Vanaf de jaren tachtig werden tienduizenden tot zelfs honderdduizenden transistors in een chip verwerkt. De integratie, van small scale, via medium scale tot large en very large scale integration gaat nog steeds gestaag door: de componenten worden steeds kleiner en de chips worden complexer: momenteel, vijftig jaar na de geboorte van de chip, worden honderden miljoenen componenten op een chip ondergebracht. Vooruitgangen in chipontwerp en -productie zorgen er vooralsnog voor dat de wet van Moore blijft opgaan. Moore, mede-oprichter van Intel, voorspelde in 1965 dat elk jaar een verdubbeling van het aantal transistors per chip zou plaatsvinden. Later stelde hij zijn voorspelling bij naar elke twee jaar een verdubbeling.

Voorlopig kan de wet van Moore te gelde gemaakt blijven worden: fotolithografische technieken worden steeds verfijnder en maken kleinere transistors en andere componenten mogelijk.
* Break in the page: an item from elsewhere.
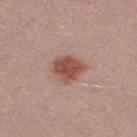Captured during whole-body skin photography for melanoma surveillance; the lesion was not biopsied. The lesion is located on the right thigh. Measured at roughly 3.5 mm in maximum diameter. Automated image analysis of the tile measured a footprint of about 8.5 mm², an outline eccentricity of about 0.6 (0 = round, 1 = elongated), and a shape-asymmetry score of about 0.25 (0 = symmetric). And it measured an average lesion color of about L≈50 a*≈24 b*≈26 (CIELAB), roughly 13 lightness units darker than nearby skin, and a lesion-to-skin contrast of about 9 (normalized; higher = more distinct). It also reported a border-irregularity index near 2/10, a within-lesion color-variation index near 3.5/10, and peripheral color asymmetry of about 1. A 15 mm crop from a total-body photograph taken for skin-cancer surveillance. This is a white-light tile. A female patient, in their mid-20s.

Momenteel worden chips op 45nm gebakken, terwijl ook aan 32nm-technieken en de daaropvolgende stap, 22nm-structuren, wordt gewerkt. Ooit zal echter de grens van lithografie bereikt worden, als de structuren niet kleiner gemaakt kunnen worden. Nu al moeten chipontwerpers licht met zeer kleine golflengtes, zoals uv-licht, gebruiken om de kleine details in de chipontwerpen te maken. Ook zoeken chipfabrikanten hun toevlucht tot immersielithografie, waarbij een waterlens het licht concentreert en zo de golflengte, en effectief de feature-afmetingen op de chip, verder verkleinen. Waar de grens precies ligt, weet nog niemand, maar ooit zullen transistors niet veel groter dan atomen zijn. Dan treden quantummechanische effecten op, die de betrouwbare en voorspelbare werking van chips parten zal spelen. Tegen die tijd zullen echter wellicht nieuwe technieken de steeds verder gaande miniaturisering en de steeds betere prijs/prestatie-verhouding in stand houden.

Vast staat wel dat we inmiddels niet meer zonder de vijftig jaar oude uitvinding kunnen: er is zo langzamerhand bijna geen apparaat in huis of daarbuiten te bedenken dat niet van een chip voorzien is. Auto's, koffiezetapparaten, verlichting en alles daartussen is afhankelijk van chips, om nog maar van computers en communicatiemiddelen te zwijgen. Ook onze economie en zelfs onze overlevingsmogelijkheden zijn afhankelijk van de chipindustrie. Hoe de volgende vijftig jaar van de chip eruit zullen zien, weet niemand, maar het zullen ongetwijfeld interessante tijden worden.